__Task requirements__: From the listing below, output the lines between the one with "Transcribe the Devanagari" and the one with "Character: 𣷎", including those two, and nothing else. Pictures are not copied.

__Given records__:
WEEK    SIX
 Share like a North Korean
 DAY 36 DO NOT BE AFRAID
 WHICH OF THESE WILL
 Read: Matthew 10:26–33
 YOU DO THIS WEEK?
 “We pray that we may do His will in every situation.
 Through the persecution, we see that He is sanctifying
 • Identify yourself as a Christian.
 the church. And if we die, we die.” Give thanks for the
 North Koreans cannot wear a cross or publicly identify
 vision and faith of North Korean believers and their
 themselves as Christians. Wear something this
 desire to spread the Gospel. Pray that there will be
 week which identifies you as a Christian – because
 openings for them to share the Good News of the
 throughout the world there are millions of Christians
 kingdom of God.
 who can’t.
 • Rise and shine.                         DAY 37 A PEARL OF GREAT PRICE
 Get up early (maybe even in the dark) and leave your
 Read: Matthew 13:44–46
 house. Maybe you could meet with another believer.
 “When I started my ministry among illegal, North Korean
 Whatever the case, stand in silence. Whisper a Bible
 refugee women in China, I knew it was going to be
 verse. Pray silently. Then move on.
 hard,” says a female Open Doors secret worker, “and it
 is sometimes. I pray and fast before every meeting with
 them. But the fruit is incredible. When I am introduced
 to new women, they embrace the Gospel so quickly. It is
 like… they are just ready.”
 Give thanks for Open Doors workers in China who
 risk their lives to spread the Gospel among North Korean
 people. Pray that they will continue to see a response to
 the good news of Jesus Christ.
==
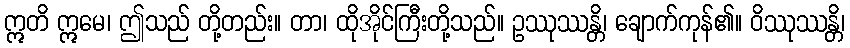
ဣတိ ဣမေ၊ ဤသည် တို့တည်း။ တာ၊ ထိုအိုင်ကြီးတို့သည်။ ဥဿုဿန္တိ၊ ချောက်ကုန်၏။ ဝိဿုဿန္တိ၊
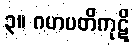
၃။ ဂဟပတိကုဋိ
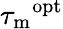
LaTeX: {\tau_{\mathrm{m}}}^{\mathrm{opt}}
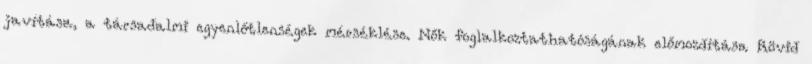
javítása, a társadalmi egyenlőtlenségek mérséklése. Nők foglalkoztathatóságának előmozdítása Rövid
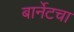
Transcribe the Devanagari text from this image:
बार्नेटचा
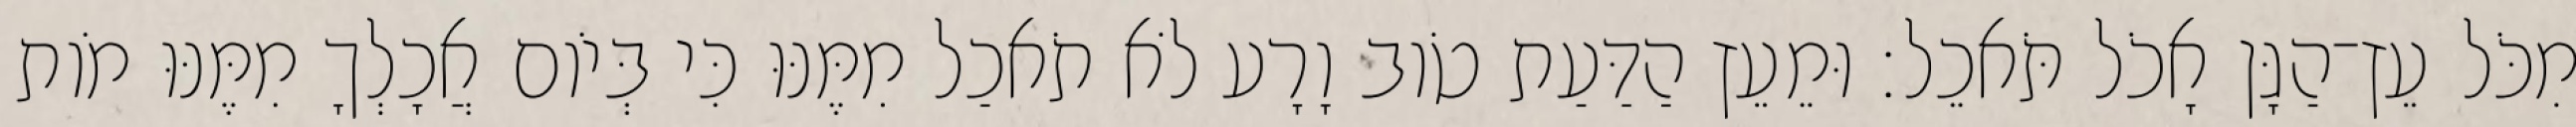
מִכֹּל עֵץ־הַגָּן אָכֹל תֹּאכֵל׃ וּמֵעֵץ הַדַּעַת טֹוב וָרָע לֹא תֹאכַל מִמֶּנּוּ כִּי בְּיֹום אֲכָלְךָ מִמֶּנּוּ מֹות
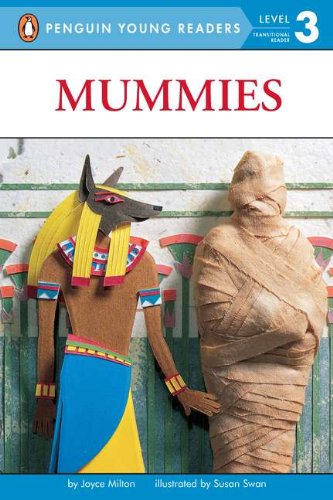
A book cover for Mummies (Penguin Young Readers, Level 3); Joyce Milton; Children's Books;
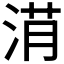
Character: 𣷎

__Exercise output__:
Transcribe the Devanagari text from this image:
बार्नेटचा
מִכֹּל עֵץ־הַגָּן אָכֹל תֹּאכֵל׃ וּמֵעֵץ הַדַּעַת טֹוב וָרָע לֹא תֹאכַל מִמֶּנּוּ כִּי בְּיֹום אֲכָלְךָ מִמֶּנּוּ מֹות
A book cover for Mummies (Penguin Young Readers, Level 3); Joyce Milton; Children's Books;
Character: 𣷎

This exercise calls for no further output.